*YOUR GOAL*
Isolate every line in the data with the string "surface" and copy it.

[Start of section]

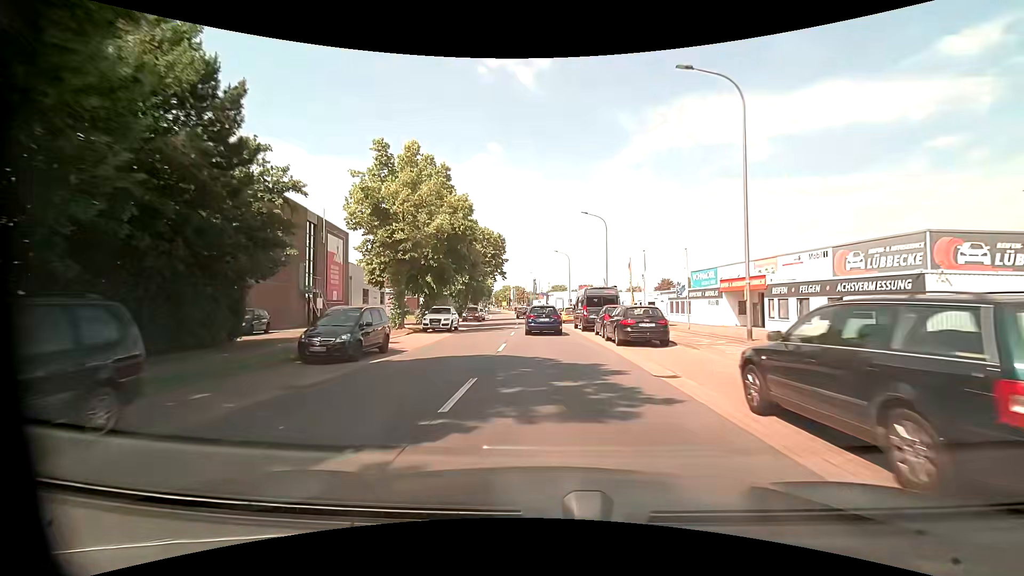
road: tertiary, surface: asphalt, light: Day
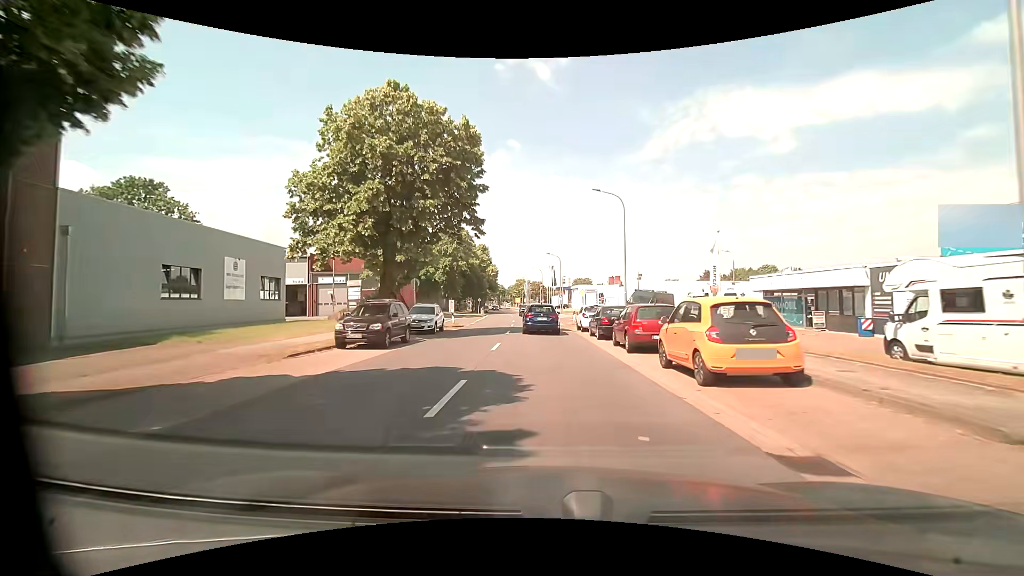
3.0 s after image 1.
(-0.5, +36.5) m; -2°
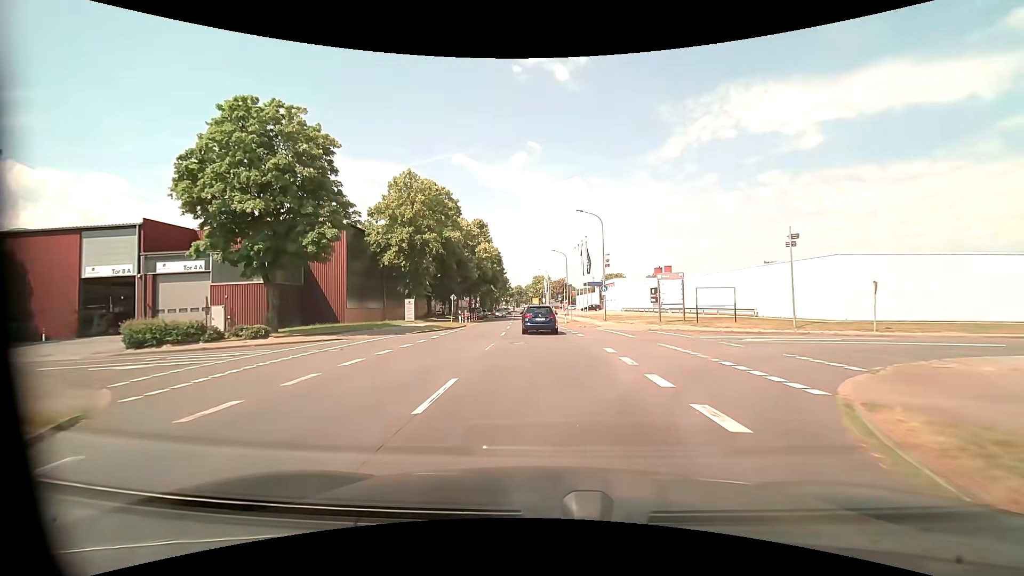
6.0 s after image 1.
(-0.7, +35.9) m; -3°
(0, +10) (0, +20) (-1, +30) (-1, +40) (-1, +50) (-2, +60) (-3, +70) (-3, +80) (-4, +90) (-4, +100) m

[End of section]
[Start of section]

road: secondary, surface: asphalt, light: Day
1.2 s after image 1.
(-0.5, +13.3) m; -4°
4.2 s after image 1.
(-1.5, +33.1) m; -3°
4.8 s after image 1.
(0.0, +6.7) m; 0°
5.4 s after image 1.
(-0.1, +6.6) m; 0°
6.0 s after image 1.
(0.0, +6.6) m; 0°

[End of section]

*EXERCISE OUTPUT*
road: tertiary, surface: asphalt, light: Day
road: secondary, surface: asphalt, light: Day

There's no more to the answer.